I was assuming as I started developing interactions in Storyline that when I published web output with HTML5 that it was setting up a similar approach. Not true! The dang thing doesn't work on Android. But why not? Why can't it publish both HTML5 and Flash output like Camtasia and use the one that works on that device? Wasn't Storyline marketed and launched  as the solution to the iOS/flash/HTML5 problem? Couldn't Storyline offer it's own smart player, studying Camtasia's model?

I am going to submit an enhancement request asking the Storyline team to look at this approach because it does work very well and is getting us through this awkward gap in HTML5's readiness.

Any thoughts, gang?

Ashley Terwilliger-Pollard

Hi Laura,

Thanks for sharing those ideas here, and if you haven't already submitted them as a feature request to our product development team I'd encourage you to do so.
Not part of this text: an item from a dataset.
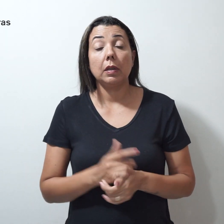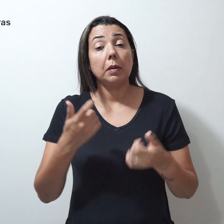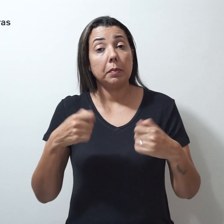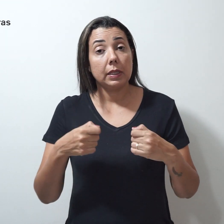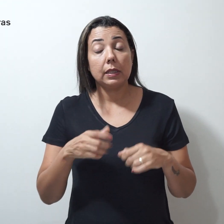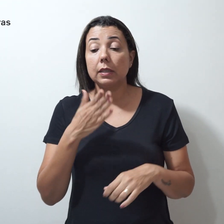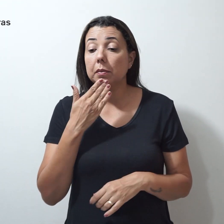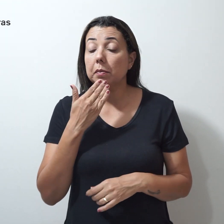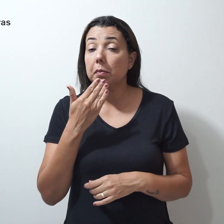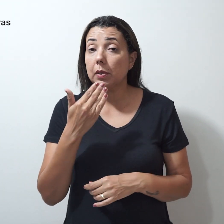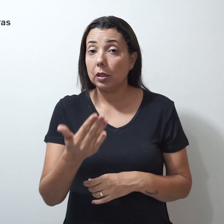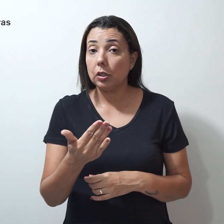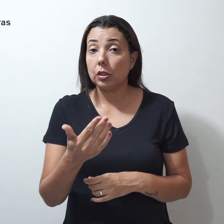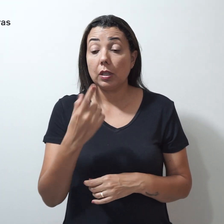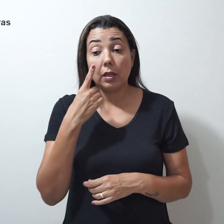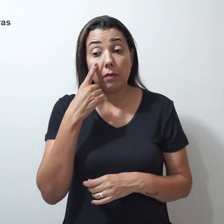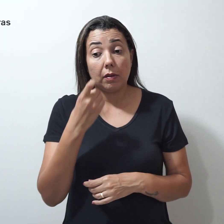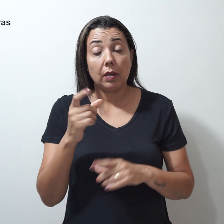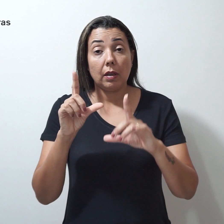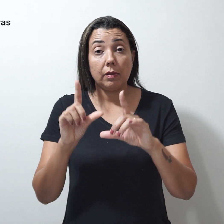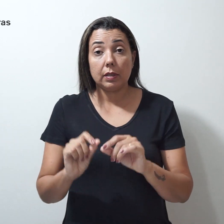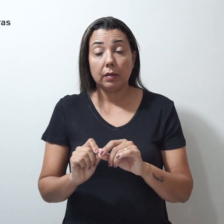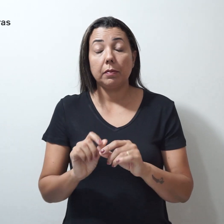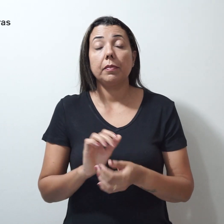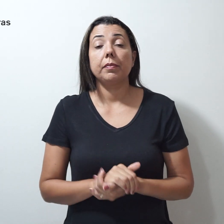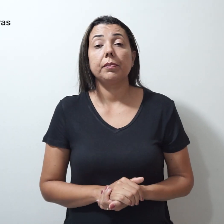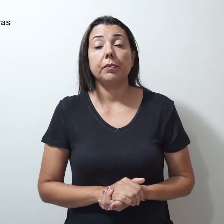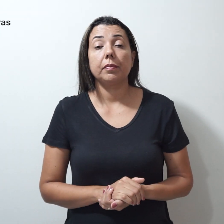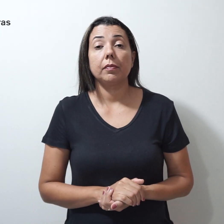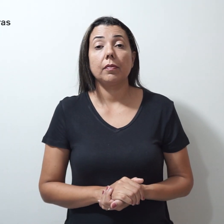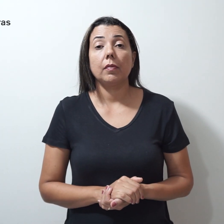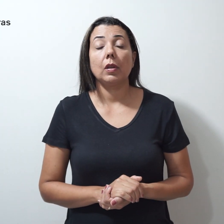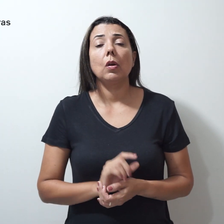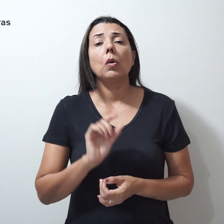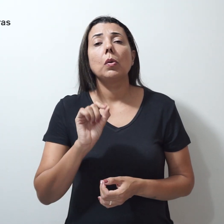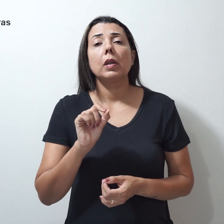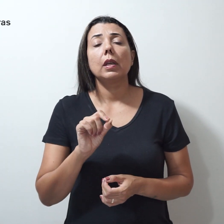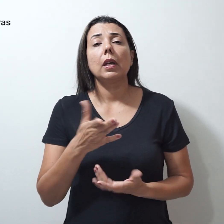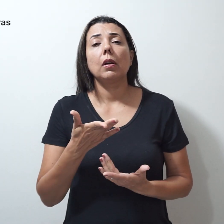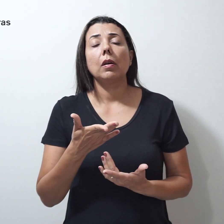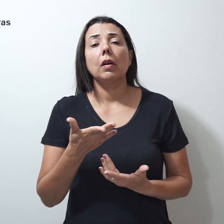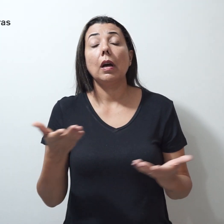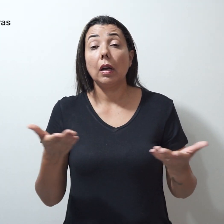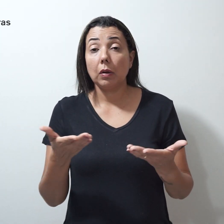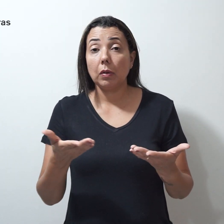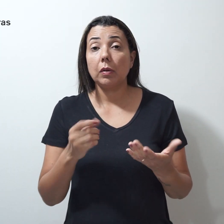solicitar a revisão da averbação. O procedimento acarretará um aumento

We really value your feedback and the more users who share similar ideas such as this, the better. 

To answer a few of your questions, Storyline does publish Flash and HTML5 (if the latter is selected) and depending on the device used to access the content, Storyline will determine which version to show the user as described here.  Although we don't currently support Android browsers, a number of users have discussed in the forums which browsers or set ups have worked best for them, and you may want to search for a few of those threads as well. 

As I mentioned before, HTML5 is still a new and emerging standard. Our team has been working on HTML5 improvements and enhancements to known issues with every update, and those are detailed here, but we still know there is work to do. So again, our thanks for sharing your thoughts here in the forums and with our product development team directly. 

If you do find something that works in Flash, and even while viewing the HTML5 content in a browser such as Google Chrome but causes issues on your iPad/iPhone, feel free to connect directly with our Support engineers for further testing and to file any necessary bug reports. 

Laura Winzen

Thanks so much for your quick reply, Ashley. I did just submit that feature request. I've been combing through posts that might be able to help with our Android challenges but have found no resolution yet.

I appreciate that this is a difficult time in development with Flash on the way out and HTML5 not fully baked yet, but to have no way at all to make interactive education work on ASUS tablets or popular Samsung S4 and Droid phones is a real handicap for us and for our members. And it makes us, the instructional designers, look stupid for recommending purchase of a development tool when it was supposed to resolve these device problems in the first place. I'm sure you've heard this all before.